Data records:
---*---

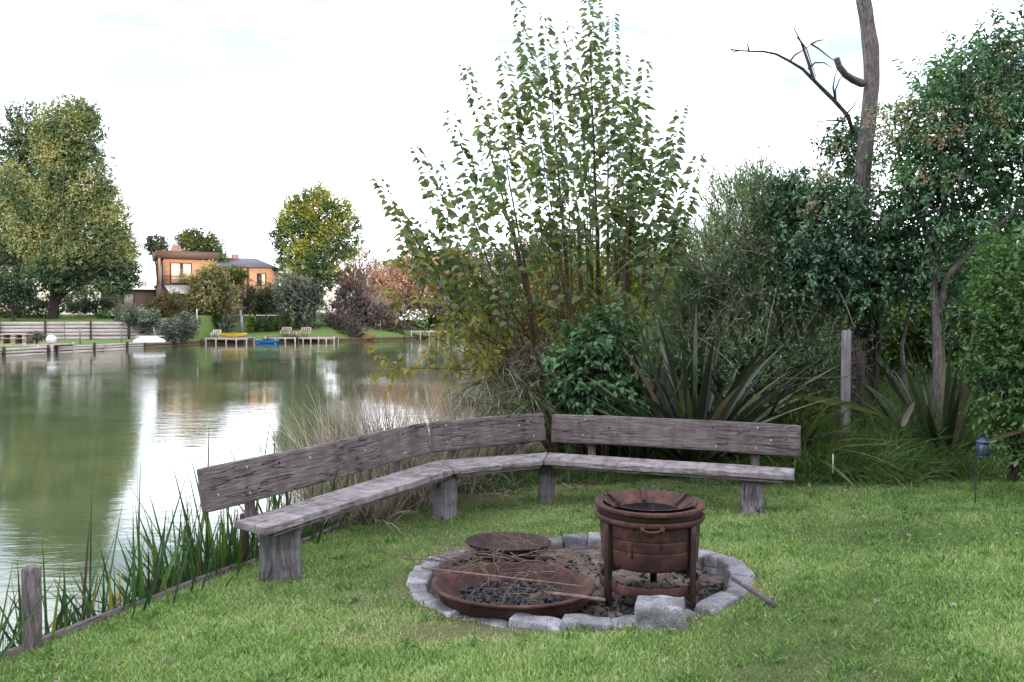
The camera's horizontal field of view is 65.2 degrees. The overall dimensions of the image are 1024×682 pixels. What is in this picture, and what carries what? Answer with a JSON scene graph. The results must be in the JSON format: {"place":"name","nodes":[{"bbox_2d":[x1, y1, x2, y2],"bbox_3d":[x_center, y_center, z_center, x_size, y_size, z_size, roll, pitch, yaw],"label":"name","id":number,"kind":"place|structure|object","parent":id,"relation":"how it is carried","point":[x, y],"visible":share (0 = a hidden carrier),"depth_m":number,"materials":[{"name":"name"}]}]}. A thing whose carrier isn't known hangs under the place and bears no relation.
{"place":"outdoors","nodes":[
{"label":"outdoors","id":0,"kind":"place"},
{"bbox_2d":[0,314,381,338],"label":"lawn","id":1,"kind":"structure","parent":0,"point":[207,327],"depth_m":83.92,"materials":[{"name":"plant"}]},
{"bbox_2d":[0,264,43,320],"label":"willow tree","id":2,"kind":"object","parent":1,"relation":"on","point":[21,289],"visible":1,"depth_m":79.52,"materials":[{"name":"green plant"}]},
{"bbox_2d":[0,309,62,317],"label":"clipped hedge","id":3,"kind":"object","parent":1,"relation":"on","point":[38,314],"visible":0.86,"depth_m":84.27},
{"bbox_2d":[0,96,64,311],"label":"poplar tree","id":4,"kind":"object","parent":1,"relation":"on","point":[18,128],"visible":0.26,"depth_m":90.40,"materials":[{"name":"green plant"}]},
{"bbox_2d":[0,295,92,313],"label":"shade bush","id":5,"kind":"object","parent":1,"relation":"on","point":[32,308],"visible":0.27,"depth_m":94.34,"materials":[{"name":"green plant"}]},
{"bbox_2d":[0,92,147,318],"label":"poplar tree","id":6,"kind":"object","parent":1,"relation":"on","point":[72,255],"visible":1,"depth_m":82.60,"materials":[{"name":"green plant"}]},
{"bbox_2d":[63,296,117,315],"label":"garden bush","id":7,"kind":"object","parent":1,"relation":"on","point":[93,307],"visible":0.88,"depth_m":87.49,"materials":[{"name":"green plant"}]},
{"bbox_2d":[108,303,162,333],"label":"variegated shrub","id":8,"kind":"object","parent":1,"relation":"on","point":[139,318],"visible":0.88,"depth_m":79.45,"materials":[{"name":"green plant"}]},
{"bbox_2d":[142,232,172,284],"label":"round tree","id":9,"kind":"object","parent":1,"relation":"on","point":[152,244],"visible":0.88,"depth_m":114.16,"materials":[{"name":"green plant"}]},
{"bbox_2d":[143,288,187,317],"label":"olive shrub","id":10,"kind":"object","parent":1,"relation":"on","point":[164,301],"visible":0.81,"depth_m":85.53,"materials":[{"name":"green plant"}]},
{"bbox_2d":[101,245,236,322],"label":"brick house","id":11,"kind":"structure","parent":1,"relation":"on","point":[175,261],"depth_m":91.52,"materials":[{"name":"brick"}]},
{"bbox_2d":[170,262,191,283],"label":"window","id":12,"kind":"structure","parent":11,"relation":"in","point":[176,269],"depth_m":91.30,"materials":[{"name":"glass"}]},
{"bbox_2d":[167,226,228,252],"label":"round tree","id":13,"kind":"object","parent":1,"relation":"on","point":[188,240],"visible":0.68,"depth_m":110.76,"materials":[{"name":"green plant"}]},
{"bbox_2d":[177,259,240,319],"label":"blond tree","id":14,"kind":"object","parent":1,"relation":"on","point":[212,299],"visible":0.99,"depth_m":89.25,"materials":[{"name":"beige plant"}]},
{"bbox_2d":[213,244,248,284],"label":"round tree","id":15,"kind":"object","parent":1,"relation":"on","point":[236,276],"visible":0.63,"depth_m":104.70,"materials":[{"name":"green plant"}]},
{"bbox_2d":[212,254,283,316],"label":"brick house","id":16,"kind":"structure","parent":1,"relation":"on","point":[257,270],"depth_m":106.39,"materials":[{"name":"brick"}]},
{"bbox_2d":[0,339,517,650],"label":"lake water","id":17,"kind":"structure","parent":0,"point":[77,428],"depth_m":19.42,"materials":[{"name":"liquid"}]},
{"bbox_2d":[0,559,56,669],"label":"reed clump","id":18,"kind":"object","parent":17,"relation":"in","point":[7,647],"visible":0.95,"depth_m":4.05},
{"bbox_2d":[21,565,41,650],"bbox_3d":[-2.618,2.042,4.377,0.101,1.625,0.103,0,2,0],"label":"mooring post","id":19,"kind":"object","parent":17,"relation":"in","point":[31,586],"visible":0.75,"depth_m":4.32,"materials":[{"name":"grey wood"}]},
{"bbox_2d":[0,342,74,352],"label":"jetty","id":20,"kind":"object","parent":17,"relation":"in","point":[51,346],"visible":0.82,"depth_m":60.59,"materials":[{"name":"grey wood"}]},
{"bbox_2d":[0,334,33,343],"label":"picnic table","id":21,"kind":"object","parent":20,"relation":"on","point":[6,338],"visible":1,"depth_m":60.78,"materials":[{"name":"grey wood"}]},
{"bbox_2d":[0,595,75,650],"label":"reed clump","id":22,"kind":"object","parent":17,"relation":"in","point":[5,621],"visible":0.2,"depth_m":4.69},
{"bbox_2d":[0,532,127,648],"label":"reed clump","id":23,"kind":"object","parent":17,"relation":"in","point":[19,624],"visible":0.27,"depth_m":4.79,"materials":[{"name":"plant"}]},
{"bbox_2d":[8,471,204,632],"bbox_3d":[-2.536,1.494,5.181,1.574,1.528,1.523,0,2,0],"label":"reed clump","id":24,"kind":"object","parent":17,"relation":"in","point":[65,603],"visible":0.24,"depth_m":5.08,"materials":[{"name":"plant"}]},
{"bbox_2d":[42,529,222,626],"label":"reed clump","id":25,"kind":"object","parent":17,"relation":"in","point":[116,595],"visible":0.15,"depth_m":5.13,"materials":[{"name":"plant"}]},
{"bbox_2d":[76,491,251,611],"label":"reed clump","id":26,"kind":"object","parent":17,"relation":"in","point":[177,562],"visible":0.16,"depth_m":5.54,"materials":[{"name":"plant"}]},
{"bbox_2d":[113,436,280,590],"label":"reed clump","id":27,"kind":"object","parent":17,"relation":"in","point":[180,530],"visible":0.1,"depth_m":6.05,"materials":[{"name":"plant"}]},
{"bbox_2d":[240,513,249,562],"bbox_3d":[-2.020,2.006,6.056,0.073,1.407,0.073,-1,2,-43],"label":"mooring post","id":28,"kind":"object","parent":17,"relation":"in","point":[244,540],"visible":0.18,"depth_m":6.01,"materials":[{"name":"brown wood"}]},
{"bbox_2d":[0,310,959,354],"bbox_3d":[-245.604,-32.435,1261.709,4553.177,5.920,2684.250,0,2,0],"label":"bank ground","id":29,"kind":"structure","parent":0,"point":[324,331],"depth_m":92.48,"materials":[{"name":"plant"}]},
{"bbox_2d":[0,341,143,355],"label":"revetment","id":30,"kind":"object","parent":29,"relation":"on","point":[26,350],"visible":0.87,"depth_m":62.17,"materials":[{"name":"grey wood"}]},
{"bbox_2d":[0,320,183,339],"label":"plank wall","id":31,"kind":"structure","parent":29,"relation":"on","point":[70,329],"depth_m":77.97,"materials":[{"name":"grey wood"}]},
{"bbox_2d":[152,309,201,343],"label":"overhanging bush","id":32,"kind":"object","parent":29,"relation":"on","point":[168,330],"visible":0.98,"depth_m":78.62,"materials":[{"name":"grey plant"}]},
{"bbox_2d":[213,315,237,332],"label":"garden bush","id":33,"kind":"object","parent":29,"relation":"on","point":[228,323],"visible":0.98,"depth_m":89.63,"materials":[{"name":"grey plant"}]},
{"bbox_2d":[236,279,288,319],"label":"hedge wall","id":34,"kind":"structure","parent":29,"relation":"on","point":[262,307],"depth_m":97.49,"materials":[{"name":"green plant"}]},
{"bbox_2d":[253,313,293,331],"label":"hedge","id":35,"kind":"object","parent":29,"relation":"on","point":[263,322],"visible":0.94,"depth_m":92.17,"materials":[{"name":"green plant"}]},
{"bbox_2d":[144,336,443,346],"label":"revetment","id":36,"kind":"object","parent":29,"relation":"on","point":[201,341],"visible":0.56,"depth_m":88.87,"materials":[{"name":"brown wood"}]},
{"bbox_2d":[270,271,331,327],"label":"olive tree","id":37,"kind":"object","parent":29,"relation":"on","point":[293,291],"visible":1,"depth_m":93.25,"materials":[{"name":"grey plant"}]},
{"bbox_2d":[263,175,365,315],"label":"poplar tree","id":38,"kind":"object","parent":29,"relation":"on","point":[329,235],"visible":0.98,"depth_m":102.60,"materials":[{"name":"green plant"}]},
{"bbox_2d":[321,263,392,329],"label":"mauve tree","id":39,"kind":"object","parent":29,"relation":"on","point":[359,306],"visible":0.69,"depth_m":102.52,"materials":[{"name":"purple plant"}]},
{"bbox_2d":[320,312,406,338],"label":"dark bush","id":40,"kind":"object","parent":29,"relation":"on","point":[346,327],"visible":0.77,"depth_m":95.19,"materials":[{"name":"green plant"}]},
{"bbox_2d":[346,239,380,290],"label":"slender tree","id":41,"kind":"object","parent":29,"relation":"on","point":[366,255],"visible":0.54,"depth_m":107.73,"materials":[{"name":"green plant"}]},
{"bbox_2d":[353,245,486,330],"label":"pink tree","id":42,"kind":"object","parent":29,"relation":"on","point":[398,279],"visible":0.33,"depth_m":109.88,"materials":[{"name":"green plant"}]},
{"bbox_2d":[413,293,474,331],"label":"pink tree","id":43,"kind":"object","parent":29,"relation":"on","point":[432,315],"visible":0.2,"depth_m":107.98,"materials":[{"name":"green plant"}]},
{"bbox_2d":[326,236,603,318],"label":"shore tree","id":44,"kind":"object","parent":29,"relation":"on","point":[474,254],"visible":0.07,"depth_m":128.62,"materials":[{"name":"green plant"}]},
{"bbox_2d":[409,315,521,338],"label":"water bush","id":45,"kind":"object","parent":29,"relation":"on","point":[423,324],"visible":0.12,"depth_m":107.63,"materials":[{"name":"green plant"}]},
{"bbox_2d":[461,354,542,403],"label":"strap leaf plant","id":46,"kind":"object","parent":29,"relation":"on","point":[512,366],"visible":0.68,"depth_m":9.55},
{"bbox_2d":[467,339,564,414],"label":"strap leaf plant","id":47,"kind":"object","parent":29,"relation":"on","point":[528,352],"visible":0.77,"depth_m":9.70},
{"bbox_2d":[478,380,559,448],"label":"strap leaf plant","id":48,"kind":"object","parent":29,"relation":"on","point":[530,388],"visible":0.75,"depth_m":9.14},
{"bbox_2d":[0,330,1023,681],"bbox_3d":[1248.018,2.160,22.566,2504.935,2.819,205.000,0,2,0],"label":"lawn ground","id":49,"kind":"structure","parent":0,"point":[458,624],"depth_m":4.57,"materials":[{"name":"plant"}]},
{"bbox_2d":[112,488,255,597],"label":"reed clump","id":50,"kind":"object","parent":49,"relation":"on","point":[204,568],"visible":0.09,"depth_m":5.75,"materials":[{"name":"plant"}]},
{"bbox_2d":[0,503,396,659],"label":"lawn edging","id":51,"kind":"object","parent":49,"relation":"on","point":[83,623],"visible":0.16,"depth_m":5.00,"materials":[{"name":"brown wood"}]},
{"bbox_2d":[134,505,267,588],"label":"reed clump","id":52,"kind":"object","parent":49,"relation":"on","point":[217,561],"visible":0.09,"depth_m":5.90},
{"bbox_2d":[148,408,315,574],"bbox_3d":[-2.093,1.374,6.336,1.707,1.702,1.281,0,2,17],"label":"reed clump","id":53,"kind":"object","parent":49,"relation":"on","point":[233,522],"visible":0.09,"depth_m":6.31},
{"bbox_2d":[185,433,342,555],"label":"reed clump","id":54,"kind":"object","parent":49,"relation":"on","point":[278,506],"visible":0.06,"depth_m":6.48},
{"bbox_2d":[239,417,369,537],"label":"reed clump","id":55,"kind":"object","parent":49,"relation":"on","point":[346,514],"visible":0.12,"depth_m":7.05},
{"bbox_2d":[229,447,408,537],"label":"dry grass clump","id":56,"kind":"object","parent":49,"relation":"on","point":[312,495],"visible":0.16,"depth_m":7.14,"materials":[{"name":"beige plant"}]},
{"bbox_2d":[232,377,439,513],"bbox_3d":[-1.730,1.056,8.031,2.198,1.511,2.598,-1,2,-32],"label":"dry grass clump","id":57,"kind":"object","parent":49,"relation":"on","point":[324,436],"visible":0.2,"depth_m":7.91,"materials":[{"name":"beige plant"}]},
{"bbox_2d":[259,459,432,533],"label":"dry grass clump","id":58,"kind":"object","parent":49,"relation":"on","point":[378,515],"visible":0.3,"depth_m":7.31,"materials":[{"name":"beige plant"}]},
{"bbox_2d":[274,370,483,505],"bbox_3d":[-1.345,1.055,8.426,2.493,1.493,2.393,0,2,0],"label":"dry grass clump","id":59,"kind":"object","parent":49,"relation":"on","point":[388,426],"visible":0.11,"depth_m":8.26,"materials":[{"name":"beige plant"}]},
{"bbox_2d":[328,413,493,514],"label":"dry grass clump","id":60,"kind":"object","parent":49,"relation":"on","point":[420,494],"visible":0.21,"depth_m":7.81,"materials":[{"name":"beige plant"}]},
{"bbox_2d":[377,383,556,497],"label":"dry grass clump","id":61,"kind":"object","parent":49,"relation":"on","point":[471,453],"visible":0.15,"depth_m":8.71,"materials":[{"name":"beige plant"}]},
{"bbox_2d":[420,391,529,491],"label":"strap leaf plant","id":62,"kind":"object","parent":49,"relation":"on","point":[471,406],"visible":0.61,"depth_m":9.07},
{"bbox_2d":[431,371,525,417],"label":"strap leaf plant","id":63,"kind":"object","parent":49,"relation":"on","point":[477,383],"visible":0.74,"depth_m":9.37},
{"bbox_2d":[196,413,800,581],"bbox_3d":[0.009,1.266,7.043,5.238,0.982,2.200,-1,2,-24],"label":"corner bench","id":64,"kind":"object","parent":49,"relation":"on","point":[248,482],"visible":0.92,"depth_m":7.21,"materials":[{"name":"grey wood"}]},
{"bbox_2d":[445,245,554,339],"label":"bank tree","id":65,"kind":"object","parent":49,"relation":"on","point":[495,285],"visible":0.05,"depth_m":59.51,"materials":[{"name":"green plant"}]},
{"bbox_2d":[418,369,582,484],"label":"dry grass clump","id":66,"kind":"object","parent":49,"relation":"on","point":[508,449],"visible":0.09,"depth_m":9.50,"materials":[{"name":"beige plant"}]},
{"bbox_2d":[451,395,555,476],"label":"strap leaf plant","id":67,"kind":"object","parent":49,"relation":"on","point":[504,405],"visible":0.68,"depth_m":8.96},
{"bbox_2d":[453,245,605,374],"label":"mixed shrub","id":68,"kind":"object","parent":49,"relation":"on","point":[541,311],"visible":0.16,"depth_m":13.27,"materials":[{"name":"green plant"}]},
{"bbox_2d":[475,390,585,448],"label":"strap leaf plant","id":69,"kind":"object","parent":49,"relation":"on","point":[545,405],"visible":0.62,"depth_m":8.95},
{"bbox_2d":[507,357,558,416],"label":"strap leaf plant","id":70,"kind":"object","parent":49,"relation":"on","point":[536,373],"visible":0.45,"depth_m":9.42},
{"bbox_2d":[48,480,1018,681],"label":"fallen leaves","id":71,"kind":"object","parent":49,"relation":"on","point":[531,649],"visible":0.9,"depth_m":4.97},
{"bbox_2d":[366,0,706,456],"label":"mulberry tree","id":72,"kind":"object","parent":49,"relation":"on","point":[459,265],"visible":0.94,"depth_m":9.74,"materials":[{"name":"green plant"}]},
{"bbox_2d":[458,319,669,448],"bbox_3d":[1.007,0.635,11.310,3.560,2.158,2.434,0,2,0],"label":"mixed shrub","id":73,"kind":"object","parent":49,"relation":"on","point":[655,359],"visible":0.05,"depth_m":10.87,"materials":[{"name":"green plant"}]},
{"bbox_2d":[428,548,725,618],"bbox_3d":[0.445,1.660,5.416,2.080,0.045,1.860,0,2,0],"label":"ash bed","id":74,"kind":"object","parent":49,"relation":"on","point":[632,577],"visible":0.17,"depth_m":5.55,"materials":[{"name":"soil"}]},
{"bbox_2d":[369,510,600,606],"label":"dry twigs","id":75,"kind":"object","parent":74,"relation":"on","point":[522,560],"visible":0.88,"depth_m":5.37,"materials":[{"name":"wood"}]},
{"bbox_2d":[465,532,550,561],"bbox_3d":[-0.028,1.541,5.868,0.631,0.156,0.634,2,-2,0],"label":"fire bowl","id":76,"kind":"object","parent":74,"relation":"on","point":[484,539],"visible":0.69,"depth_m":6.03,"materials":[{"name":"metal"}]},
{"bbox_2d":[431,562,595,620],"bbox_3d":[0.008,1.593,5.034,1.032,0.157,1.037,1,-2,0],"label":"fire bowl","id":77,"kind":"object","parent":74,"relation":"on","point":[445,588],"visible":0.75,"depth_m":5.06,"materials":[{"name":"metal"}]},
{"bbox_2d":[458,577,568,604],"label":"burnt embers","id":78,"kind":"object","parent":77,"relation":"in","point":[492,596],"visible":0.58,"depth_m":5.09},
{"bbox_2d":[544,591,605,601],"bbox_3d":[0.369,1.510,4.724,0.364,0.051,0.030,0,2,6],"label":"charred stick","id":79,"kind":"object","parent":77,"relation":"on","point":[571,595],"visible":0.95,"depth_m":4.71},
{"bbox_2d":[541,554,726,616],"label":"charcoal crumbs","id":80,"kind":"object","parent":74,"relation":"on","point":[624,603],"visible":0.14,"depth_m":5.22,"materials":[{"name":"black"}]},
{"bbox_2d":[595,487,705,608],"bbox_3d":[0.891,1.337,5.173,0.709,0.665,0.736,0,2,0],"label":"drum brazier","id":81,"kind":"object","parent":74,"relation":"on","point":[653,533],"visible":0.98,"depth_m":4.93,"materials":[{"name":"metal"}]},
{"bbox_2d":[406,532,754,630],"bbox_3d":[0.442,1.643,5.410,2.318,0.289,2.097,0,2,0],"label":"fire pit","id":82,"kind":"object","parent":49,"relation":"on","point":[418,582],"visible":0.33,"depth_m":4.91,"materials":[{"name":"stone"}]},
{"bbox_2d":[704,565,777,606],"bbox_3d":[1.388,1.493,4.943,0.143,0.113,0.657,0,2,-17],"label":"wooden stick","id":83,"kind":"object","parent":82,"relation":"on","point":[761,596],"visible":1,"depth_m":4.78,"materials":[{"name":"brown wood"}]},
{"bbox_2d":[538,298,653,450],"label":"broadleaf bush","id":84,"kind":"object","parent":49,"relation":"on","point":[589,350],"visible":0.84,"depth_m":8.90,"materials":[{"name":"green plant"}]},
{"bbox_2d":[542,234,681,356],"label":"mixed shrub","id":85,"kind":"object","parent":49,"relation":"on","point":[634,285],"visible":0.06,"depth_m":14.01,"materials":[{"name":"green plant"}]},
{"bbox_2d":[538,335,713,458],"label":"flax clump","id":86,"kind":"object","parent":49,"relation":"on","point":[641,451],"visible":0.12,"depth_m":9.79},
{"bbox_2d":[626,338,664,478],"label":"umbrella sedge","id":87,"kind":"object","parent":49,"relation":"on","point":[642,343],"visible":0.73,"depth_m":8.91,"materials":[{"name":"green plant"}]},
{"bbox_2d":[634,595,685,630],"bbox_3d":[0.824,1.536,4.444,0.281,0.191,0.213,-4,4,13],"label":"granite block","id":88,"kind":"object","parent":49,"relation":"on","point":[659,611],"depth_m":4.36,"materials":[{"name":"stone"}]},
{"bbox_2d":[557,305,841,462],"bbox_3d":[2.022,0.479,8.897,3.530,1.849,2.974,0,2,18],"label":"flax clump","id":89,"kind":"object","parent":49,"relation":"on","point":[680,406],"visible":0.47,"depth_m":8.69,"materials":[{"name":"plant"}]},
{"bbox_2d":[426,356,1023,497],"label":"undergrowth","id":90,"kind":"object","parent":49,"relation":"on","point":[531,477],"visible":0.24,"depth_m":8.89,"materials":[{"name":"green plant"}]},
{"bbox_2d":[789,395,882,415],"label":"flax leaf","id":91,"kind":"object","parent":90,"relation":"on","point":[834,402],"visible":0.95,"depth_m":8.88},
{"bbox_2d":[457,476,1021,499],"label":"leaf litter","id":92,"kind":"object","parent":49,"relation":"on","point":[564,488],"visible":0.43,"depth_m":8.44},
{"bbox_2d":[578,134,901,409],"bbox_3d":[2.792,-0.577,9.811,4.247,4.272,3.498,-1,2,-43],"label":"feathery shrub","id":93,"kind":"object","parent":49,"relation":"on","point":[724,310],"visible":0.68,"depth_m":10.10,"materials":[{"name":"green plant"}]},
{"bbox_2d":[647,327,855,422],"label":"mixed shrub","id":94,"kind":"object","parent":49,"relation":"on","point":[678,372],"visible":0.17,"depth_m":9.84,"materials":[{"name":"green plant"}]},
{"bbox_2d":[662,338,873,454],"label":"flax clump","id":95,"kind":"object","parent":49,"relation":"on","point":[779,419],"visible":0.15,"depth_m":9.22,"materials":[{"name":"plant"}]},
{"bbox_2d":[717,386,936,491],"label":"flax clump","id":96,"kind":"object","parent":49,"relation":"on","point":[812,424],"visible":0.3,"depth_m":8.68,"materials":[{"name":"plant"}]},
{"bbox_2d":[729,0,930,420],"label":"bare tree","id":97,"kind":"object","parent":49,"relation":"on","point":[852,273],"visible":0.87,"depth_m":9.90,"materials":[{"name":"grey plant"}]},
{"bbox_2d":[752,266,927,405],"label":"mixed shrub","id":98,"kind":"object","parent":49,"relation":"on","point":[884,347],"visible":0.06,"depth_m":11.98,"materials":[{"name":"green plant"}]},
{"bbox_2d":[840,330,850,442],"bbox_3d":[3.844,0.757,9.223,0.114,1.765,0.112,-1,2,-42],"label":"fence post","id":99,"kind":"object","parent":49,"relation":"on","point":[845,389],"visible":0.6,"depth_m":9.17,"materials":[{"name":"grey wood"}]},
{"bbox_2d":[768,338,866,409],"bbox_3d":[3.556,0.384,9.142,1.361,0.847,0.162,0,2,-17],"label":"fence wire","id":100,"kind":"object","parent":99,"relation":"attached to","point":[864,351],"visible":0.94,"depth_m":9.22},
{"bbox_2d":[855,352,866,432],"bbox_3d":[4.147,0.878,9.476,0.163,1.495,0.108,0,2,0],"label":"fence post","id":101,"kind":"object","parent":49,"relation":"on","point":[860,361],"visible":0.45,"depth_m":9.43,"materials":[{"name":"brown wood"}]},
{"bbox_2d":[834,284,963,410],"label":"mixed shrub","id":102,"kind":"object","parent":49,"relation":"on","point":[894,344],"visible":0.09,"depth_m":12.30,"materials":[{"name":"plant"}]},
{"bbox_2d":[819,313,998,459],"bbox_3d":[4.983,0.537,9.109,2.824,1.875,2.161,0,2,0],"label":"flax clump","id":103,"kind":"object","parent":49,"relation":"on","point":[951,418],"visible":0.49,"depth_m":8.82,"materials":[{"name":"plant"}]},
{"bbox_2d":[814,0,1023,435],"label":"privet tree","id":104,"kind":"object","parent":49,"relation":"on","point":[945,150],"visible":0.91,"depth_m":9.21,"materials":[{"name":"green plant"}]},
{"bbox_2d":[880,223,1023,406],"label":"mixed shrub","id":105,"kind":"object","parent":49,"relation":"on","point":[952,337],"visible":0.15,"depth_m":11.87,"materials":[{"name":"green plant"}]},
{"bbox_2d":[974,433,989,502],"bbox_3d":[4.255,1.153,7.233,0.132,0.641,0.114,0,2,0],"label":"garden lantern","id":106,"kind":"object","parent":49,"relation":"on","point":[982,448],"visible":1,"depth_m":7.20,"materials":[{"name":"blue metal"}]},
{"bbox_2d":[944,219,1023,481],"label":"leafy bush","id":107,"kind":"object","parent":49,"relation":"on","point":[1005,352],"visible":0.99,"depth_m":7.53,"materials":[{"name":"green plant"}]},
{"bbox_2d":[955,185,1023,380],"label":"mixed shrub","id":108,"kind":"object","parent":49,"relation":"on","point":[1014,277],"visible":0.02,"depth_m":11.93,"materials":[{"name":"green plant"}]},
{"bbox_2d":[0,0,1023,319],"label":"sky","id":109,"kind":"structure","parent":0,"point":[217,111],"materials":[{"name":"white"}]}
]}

---*---

TASK INSTRUCTIONS: Lines from the entries that contain the string "bush" must be found and copied.

THE ANSWER:
{"bbox_2d":[0,295,92,313],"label":"shade bush","id":5,"kind":"object","parent":1,"relation":"on","point":[32,308],"visible":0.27,"depth_m":94.34,"materials":[{"name":"green plant"}]},
{"bbox_2d":[63,296,117,315],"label":"garden bush","id":7,"kind":"object","parent":1,"relation":"on","point":[93,307],"visible":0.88,"depth_m":87.49,"materials":[{"name":"green plant"}]},
{"bbox_2d":[152,309,201,343],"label":"overhanging bush","id":32,"kind":"object","parent":29,"relation":"on","point":[168,330],"visible":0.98,"depth_m":78.62,"materials":[{"name":"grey plant"}]},
{"bbox_2d":[213,315,237,332],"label":"garden bush","id":33,"kind":"object","parent":29,"relation":"on","point":[228,323],"visible":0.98,"depth_m":89.63,"materials":[{"name":"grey plant"}]},
{"bbox_2d":[320,312,406,338],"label":"dark bush","id":40,"kind":"object","parent":29,"relation":"on","point":[346,327],"visible":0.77,"depth_m":95.19,"materials":[{"name":"green plant"}]},
{"bbox_2d":[409,315,521,338],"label":"water bush","id":45,"kind":"object","parent":29,"relation":"on","point":[423,324],"visible":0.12,"depth_m":107.63,"materials":[{"name":"green plant"}]},
{"bbox_2d":[538,298,653,450],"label":"broadleaf bush","id":84,"kind":"object","parent":49,"relation":"on","point":[589,350],"visible":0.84,"depth_m":8.90,"materials":[{"name":"green plant"}]},
{"bbox_2d":[944,219,1023,481],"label":"leafy bush","id":107,"kind":"object","parent":49,"relation":"on","point":[1005,352],"visible":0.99,"depth_m":7.53,"materials":[{"name":"green plant"}]},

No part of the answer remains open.